Liverpool to add 300 charge points hidden in streetlamps
Liverpool in North West England has chosen Ubitricity to triple the city’s charging network with lamp posts doubling as charge points. Founded in Berlin, Ubitricty is now a wholly owned subsidiary of the oil giant Shell and has ambitious targets in the UK.
In Liverpool, the City Council wants Ubitricity to install 300 charge posts. These will join the existing network of 150 on-street chargers. Local media suggests this would make Liverpool the authority with the third largest public charging network in the UK behind London and Coventry.
A lack of accessible public EV charging points is a common barrier to EV adoption. Analysis from the Department of Transport found that as of July 2022, the North-West had 76% fewer public EV chargers per 100,000 people than London.

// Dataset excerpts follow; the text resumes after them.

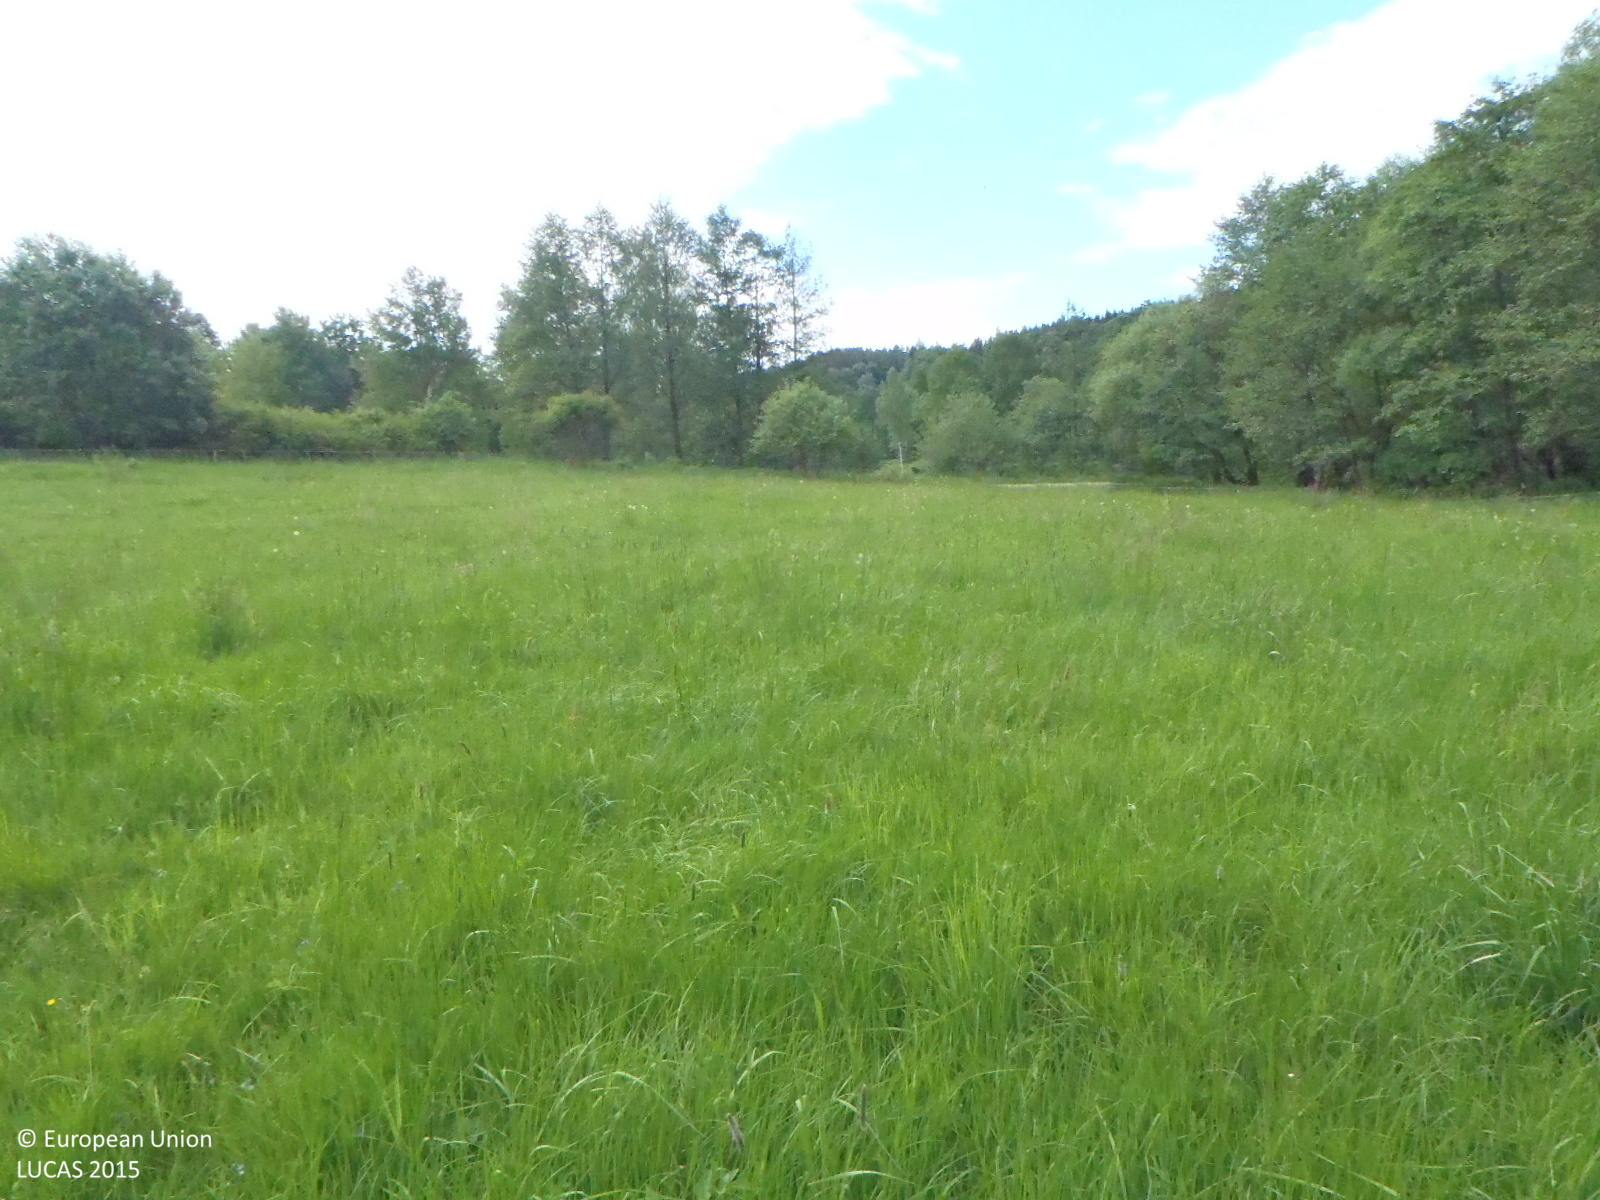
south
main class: Grassland
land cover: Grassland without tree/shrub cover
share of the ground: > 75 %
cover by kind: herbaceous plants 100 %
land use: Agriculture (excluding fallow land and kitchen gardens)
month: June
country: CZ
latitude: 48.6714
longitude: 14.5229

Ubitricity charge points built directly into existing street lampposts charge up to 5kW and take under two hours to install. The Liverpool roll-out will follow requests of residents and businesses, and the Council said it received more than ten requests a week for new public charge points.
Cllr Dan Barrington, Cabinet Member for Climate Change and Highways for Liverpool City Council, added, “The fact that the roll-out is being led by community requests means the points are going where the demand is needed most, which means they’ll be getting maximum usage”.

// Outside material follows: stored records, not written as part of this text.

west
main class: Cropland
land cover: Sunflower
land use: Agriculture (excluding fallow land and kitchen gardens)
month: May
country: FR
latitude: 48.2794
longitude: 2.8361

Ubitricity aims to finish the installation in the spring of this year. In the second phase, Shell and Ubitricity will maintain Liverpool’s EV charging network.
Shell bought Ubitricty in September 2021. They target installing 50,000 Ubitricity chargers in the UK by 2025, funded mainly by the British Government’s On-Street Residential Charging Scheme (ORCS). The oil and gas corporation must only retain about a quarter of the cost.
Apart from Liverpool, where Ubitricity first appeared in 2018, the company’s installations can be found in many London boroughs and the German capital Berlin, where they started the first project in 2014 and expanded to London in 2017. Most recently. Ubitricity also scored a winning bid in France.
Liverpool targets net zero by 2030 after the Council declared a climate emergency in 2019 and had first discussed a clean air plan in 2018, as reported.